[[ Data shown open ]]

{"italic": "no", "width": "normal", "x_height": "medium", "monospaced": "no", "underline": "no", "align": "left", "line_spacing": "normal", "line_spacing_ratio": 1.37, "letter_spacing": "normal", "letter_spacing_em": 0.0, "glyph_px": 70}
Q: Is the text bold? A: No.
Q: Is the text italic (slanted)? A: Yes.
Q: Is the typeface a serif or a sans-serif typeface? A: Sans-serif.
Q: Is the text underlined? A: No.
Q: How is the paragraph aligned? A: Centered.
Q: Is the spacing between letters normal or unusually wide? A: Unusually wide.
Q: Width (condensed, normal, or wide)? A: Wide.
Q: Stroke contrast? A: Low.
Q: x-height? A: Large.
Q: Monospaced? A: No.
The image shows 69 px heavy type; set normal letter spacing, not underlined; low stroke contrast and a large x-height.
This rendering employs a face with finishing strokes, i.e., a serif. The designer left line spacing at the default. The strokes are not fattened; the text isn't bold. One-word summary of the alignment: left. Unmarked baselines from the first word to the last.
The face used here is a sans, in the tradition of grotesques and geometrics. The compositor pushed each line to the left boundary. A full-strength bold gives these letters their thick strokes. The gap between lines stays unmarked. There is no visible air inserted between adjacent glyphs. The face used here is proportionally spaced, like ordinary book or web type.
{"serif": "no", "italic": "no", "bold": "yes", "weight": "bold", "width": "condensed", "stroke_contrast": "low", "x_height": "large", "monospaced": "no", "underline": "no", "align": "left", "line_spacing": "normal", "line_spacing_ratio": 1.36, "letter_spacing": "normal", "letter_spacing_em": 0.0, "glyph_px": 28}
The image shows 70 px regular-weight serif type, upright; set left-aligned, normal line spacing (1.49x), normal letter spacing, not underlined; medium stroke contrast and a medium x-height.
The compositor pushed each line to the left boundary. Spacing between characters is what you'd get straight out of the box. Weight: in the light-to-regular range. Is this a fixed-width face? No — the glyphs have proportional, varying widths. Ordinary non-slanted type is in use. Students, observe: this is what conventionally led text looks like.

[[ Data shown closed ]]

* _Task to carry out_
Repeat each line of the data above, exactly as it appears, from the first through the line that contains "Q: Is the text underlined? A: No.".

* _Your solution_
{"italic": "no", "width": "normal", "x_height": "medium", "monospaced": "no", "underline": "no", "align": "left", "line_spacing": "normal", "line_spacing_ratio": 1.37, "letter_spacing": "normal", "letter_spacing_em": 0.0, "glyph_px": 70}
Q: Is the text bold? A: No.
Q: Is the text italic (slanted)? A: Yes.
Q: Is the typeface a serif or a sans-serif typeface? A: Sans-serif.
Q: Is the text underlined? A: No.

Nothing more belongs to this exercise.